Directions for this task:
Each entry is to be retyped exactly as it appears, and each image is to be dropped.

Information supplied:

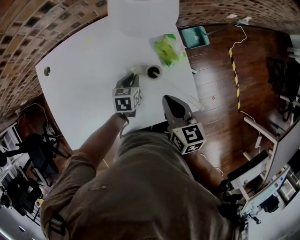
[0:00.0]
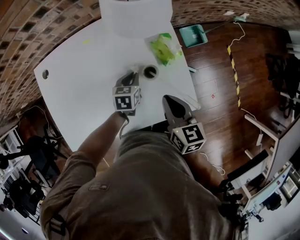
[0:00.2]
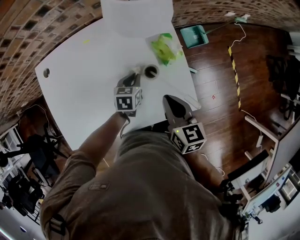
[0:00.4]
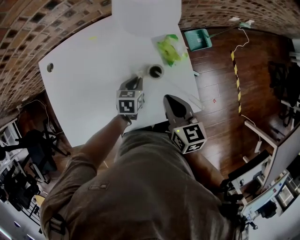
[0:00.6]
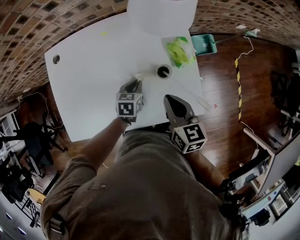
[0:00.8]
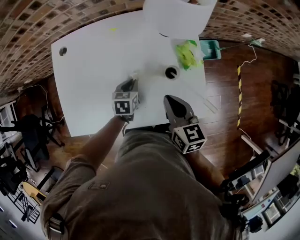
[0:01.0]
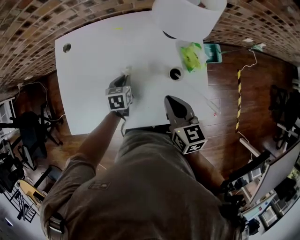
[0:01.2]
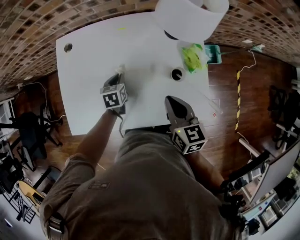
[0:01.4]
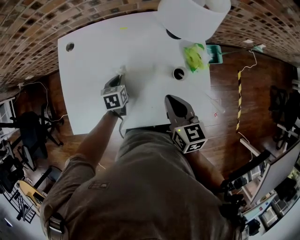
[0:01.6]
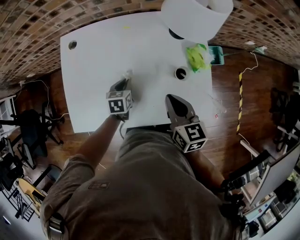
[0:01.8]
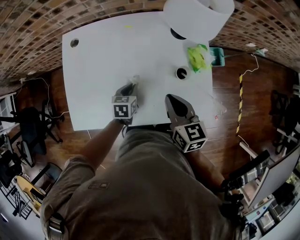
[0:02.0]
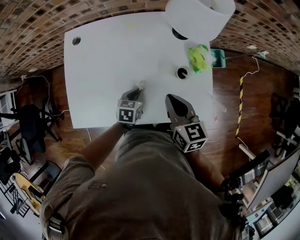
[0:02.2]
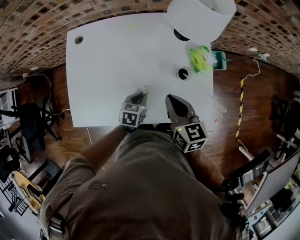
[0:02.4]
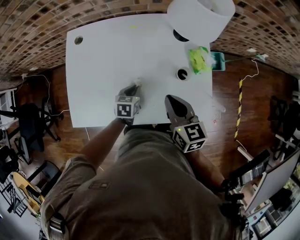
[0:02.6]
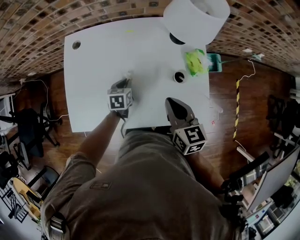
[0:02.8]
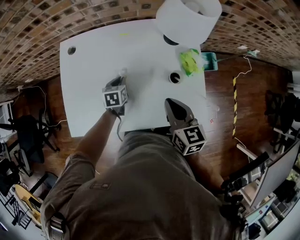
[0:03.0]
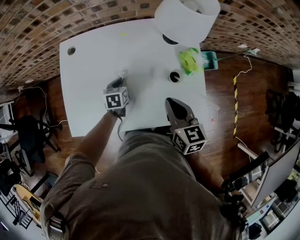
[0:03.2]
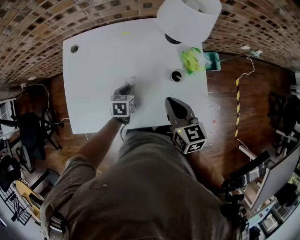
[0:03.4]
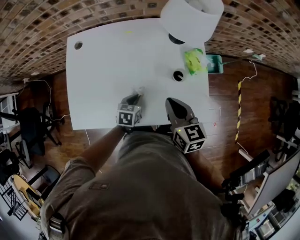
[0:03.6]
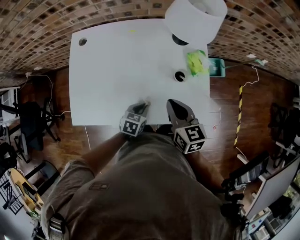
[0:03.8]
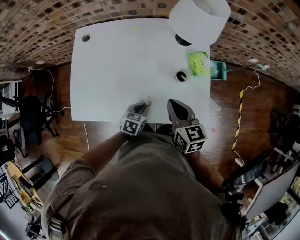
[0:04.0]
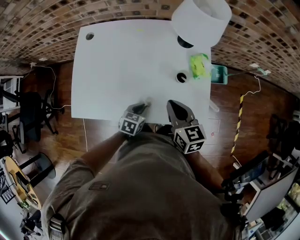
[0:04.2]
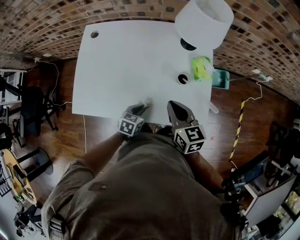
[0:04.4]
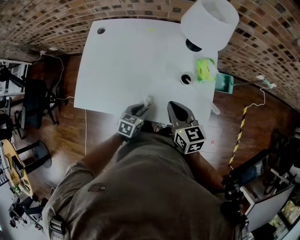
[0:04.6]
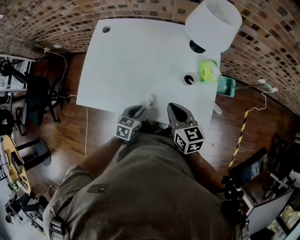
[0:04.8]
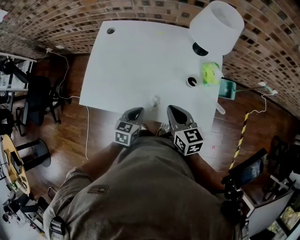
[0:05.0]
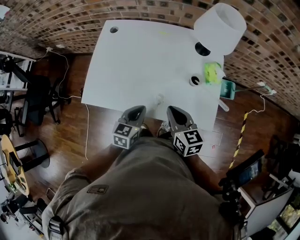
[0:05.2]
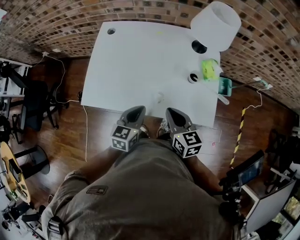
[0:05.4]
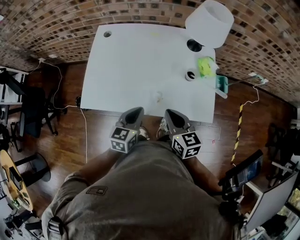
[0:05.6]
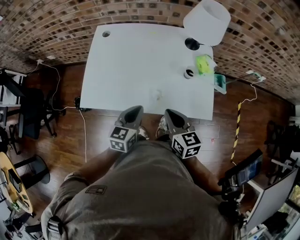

Finished exercise:
[0:00.0]
[0:00.2]
[0:00.4]
[0:00.6]
[0:00.8]
[0:01.0]
[0:01.2]
[0:01.4]
[0:01.6]
[0:01.8]
[0:02.0]
[0:02.2]
[0:02.4]
[0:02.6]
[0:02.8]
[0:03.0]
[0:03.2]
[0:03.4]
[0:03.6]
[0:03.8]
[0:04.0]
[0:04.2]
[0:04.4]
[0:04.6]
[0:04.8]
[0:05.0]
[0:05.2]
[0:05.4]
[0:05.6]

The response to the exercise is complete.